====== DATA FOR THIS TASK ======
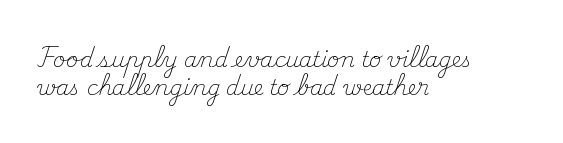
Q: Is the text bold? A: No.
Q: Is the text italic (slanted)? A: Yes.
Q: Is the text underlined? A: No.
Q: How is the paragraph aligned? A: Left-aligned.
Q: Is the spacing between letters normal or unusually wide? A: Normal.
Q: Is the spacing between lines tight, normal or loose? A: Normal.
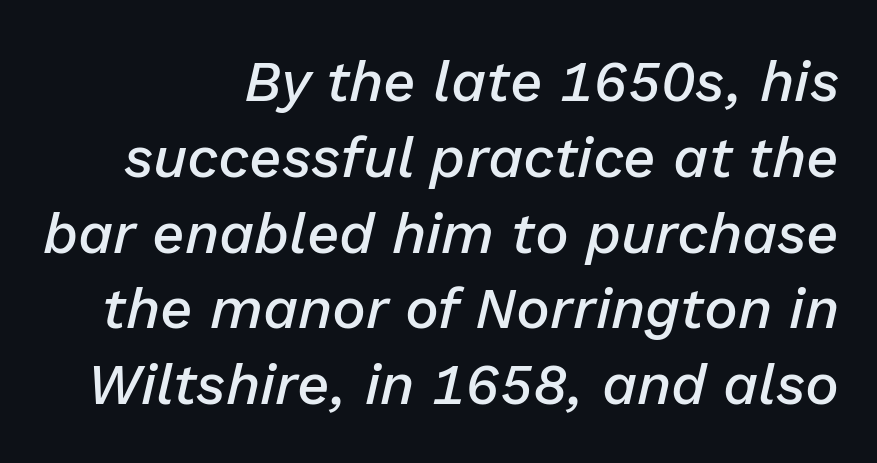
The text carries the slant typical of an italic or oblique font. The letters advance in unequal steps, a hallmark of proportional type. Spacing between characters is what you'd get straight out of the box. Each line ends at the same right margin while the left side varies.
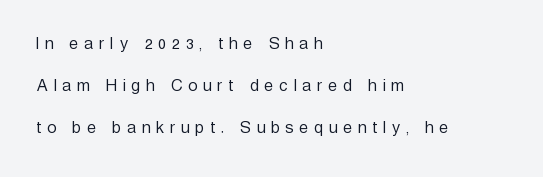
Upright lettering throughout. Plain, unruled lines of type. The typeface has the unassuming heft of standard copy or less. The passage shown stacks its lines with a broad gap. Here the glyphs are tracked loosely, breaking word shapes into spaced letters.
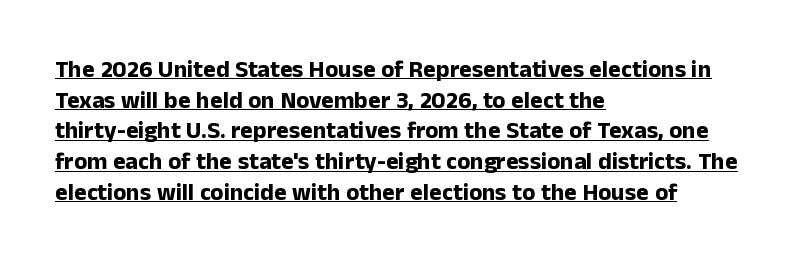
If you measured baseline to baseline, you'd find a middling distance. Each glyph is drawn with heavy, bold strokes. Underline: present. Each line starts at the same left margin while the right side varies. Tracking value appears to be zero — textbook default spacing.
======
- _ABOUT THIS EXERCISE_
What you give back must match the lines from the start of the records through the line that contains "Q: Is the spacing between lines", exactly, with the pictures left out.

- _FINAL ANSWER_
Q: Is the text bold? A: No.
Q: Is the text italic (slanted)? A: Yes.
Q: Is the text underlined? A: No.
Q: How is the paragraph aligned? A: Left-aligned.
Q: Is the spacing between letters normal or unusually wide? A: Normal.
Q: Is the spacing between lines tight, normal or loose? A: Normal.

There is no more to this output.